Existe algo tão importante que possa e permita, com esta vergonhosa entrega expressa, enlamear os princípios e valores éticos do processo bolivariano e o anseio de mudança e de liberdade do povo venezuelano? Se assim for, então o dever do presidente Chávez é que entendamos e saibamos as muitas coisas que não sabemos. Ou estas palavras são uma desculpa perfeita para não assumir a crítica e a autocrítica responsavelmente e com toda a responsabilidade que lhe corresponde dada sua condição de presidente e de líder da revolução bolivariana.

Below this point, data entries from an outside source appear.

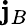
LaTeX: \mathbf{j}_{B}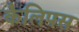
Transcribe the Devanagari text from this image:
कैलिपस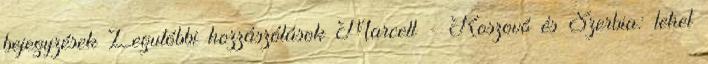
bejegyzések Legutóbbi hozzászólások Marcell - Koszovó és Szerbia: lehet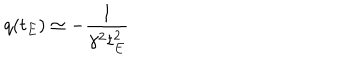
q ( t _ { E } ) \simeq - \frac { 1 } { \gamma ^ { 2 } t _ { E } ^ { 2 } }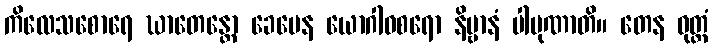
ကိလေသစောရေ ဃာတေန္တော ခေမေန ယောဂါဝစရော နိဗ္ဗာနံ ပါပုဏာတိ။ တေန ဝုတ္တံ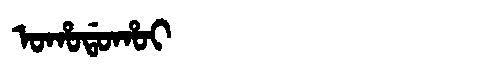
Manchu: ᠣᡥᠣᡩᠣᡥᠣᡳ
Romanization: OHODOHOI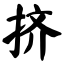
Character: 挤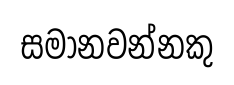
සමානවන්නකු
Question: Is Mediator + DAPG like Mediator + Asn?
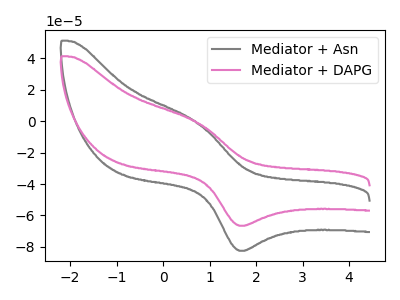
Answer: <think>The gray curve "Mediator + Asn" has an anodic peak at (0.70V, -0.60uA) and a cathodic peak at (1.70V, -82.45uA). The pink curve "Mediator + DAPG" has an anodic peak at (0.70V, -0.50uA) and a cathodic peak at (1.70V, -66.55uA).
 All the peaks in "Mediator + DAPG" have a peak in "Mediator + Asn" at the same potential.</think>
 <answer>"Mediator + DAPG" and "Mediator + Asn" are similar in shape.</answer>
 <eval>same_shape</eval>

Ou o senhor está isento disso? O presidente Chávez está consciente do grave e profundo dano que acertou no processo revolucionário bolivariano venezuelano e às luta de libertação da América Latina e do mundo com o deplorável sequestro e entrega Express do jornalista Joaquín Pérez?

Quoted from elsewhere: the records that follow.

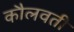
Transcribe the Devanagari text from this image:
कौलवती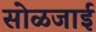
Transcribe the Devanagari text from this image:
सोळजाई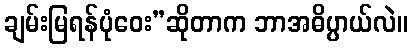
ချမ်းမြရန်ပုံဝေး”ဆိုတာက ဘာအဓိပ္ပာယ်လဲ။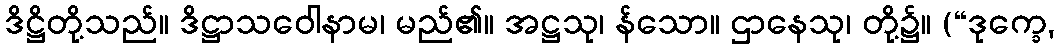
ဒိဋ္ဌိတို့သည်။ ဒိဋ္ဌာသဝေါနာမ၊ မည်၏။ အဋ္ဌသု၊ န်သော။ ဌာနေသု၊ တို့၌။ (“ဒုက္ခေ,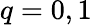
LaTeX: q=0,1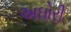
અઘોરી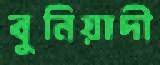
বুনিয়াদী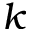
k

O presidente Chávez ainda tem a grande oportunidade de ressarcir o desacertado erro cometido contra Joaquim Pereira, todos estamos esperando impacientemente. O 'caso Pérez’ é de grande importância e transcendência histórica para além das fronteiras físicas e geográficas, não só porque ele é jornalista, um lutador popular e um revolucionário, mas por que esse grave assunto deixa a descoberto para onde é que se quer conduzir a revolução bolivariana. Para costurar novamente o delicado tecido social, político, cultural, da machucada e surrada sacola dos valores éticos, é urgentemente necessários cuidá-la, protegê-la, enchê-la de confiança, solidariedade, fraternidade, democracia, participação popular, de massas, de socialismo, de verdadeiras e profundas reformas sociais, econômicas e políticas, de mudanças estruturais profundas em favor dos pobres e das massas venezuelanas. Esta sim é uma desculpa autentica e perfeita para defender a revolução bolivariana e as lutas de libertação dos povos do mundo. O outro, o cômodo, a corrupção, a burocracia abjeta e as razões de Estado não são mais do que o combustível para uma invasão da burguesia das mentes populares e do imperialismo.
Presidente Hugo Chávez, o senhor tem uma oportunidade histórica, não a desperdice! Se você montar no tobogã burguês que te dá o lubrificado ponto de inflexão, será uma viagem à capitulação aplaudida até arrebentar pelas palmas da direita endógena, por ministros e burocratas e abjetos e pela reação mundial. Presidente Chávez: ao povo revolucionário e às massas ninguém as pode deter em seu caminho para o socialismo, portanto a palavra está com você!